Dataset entries
________
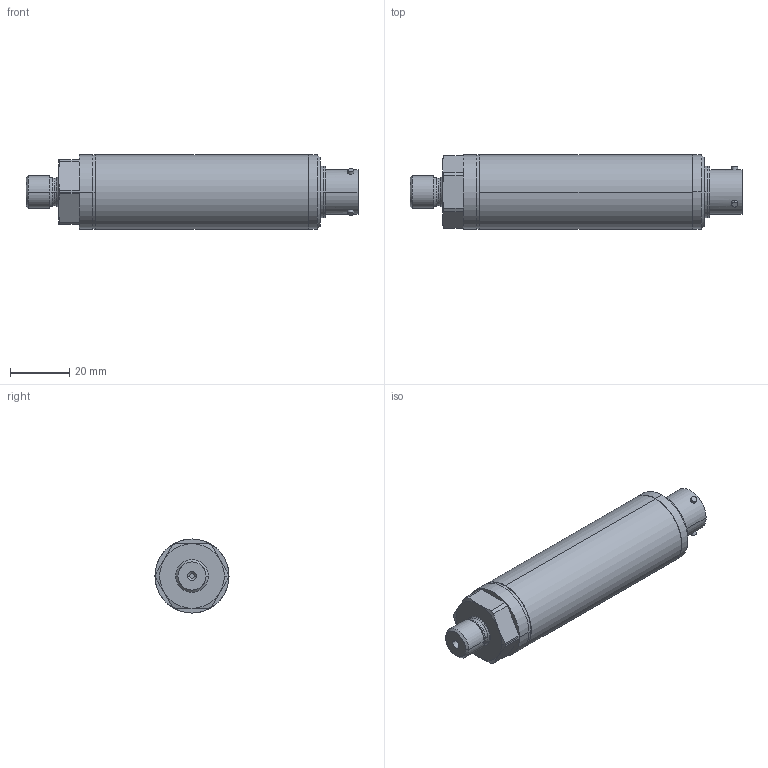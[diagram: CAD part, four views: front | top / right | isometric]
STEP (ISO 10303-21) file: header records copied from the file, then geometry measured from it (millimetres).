
FILE_DESCRIPTION (( 'STEP AP214' ), '1' );
FILE_NAME ('DPS816ATBA1CCHOPX.STEP', '2024-07-12T12:27:45', ( '' ), ( '' ), 'SwSTEP 2.0', 'SolidWorks 2023', '' );
FILE_SCHEMA (( 'AUTOMOTIVE_DESIGN' ));
Length unit declared in the file: millimetre
Products named in the file (11): da6650-1_asm.stp; 226-373.stp; 158-007-01_GLASS_1.stp; O-RING_SILICONE_1.stp; 158-007-01_SHELL_1.stp; 223-979_1.stp; 146m4196-1.stp; 158-007-01_PIN_1.stp; DPS816ATBA1CCHOPX; 165m0835-1.stp; 158-007-01_ASM_1.stp
Assembly tree (15 placements, depth 4):
  DPS816ATBA1CCHOPX
    226-373.stp
    146m4196-1.stp
    165m0835-1.stp
    da6650-1_asm.stp
      158-007-01_ASM_1.stp
        158-007-01_SHELL_1.stp
        158-007-01_GLASS_1.stp
        158-007-01_PIN_1.stp  x6
        O-RING_SILICONE_1.stp
      223-979_1.stp
Bounding box: 112.23 x 25.02 x 25.02 mm (x, y, z)
Volume: 7435.2 mm3; surface area: 19694.1 mm2
Topology: 11 solids, 16 shells, 366 faces, 897 edges, 572 vertices
Faces by surface type: cylinder 152, plane 126, torus 56, cone 32
Entity records: 8554 total; most frequent: CARTESIAN_POINT 2080, DIRECTION 1423, ORIENTED_EDGE 1190, EDGE_CURVE 601, AXIS2_PLACEMENT_3D 601, VERTEX_POINT 382, CIRCLE 324, EDGE_LOOP 303
________
## WORK ORDER
With "STEP" as the string to find, copy every line of the records that holds it.

## RESULT
STEP (ISO 10303-21) file: header records copied from the file, then geometry measured from it (millimetres).
FILE_DESCRIPTION (( 'STEP AP214' ), '1' );
FILE_NAME ('DPS816ATBA1CCHOPX.STEP', '2024-07-12T12:27:45', ( '' ), ( '' ), 'SwSTEP 2.0', 'SolidWorks 2023', '' );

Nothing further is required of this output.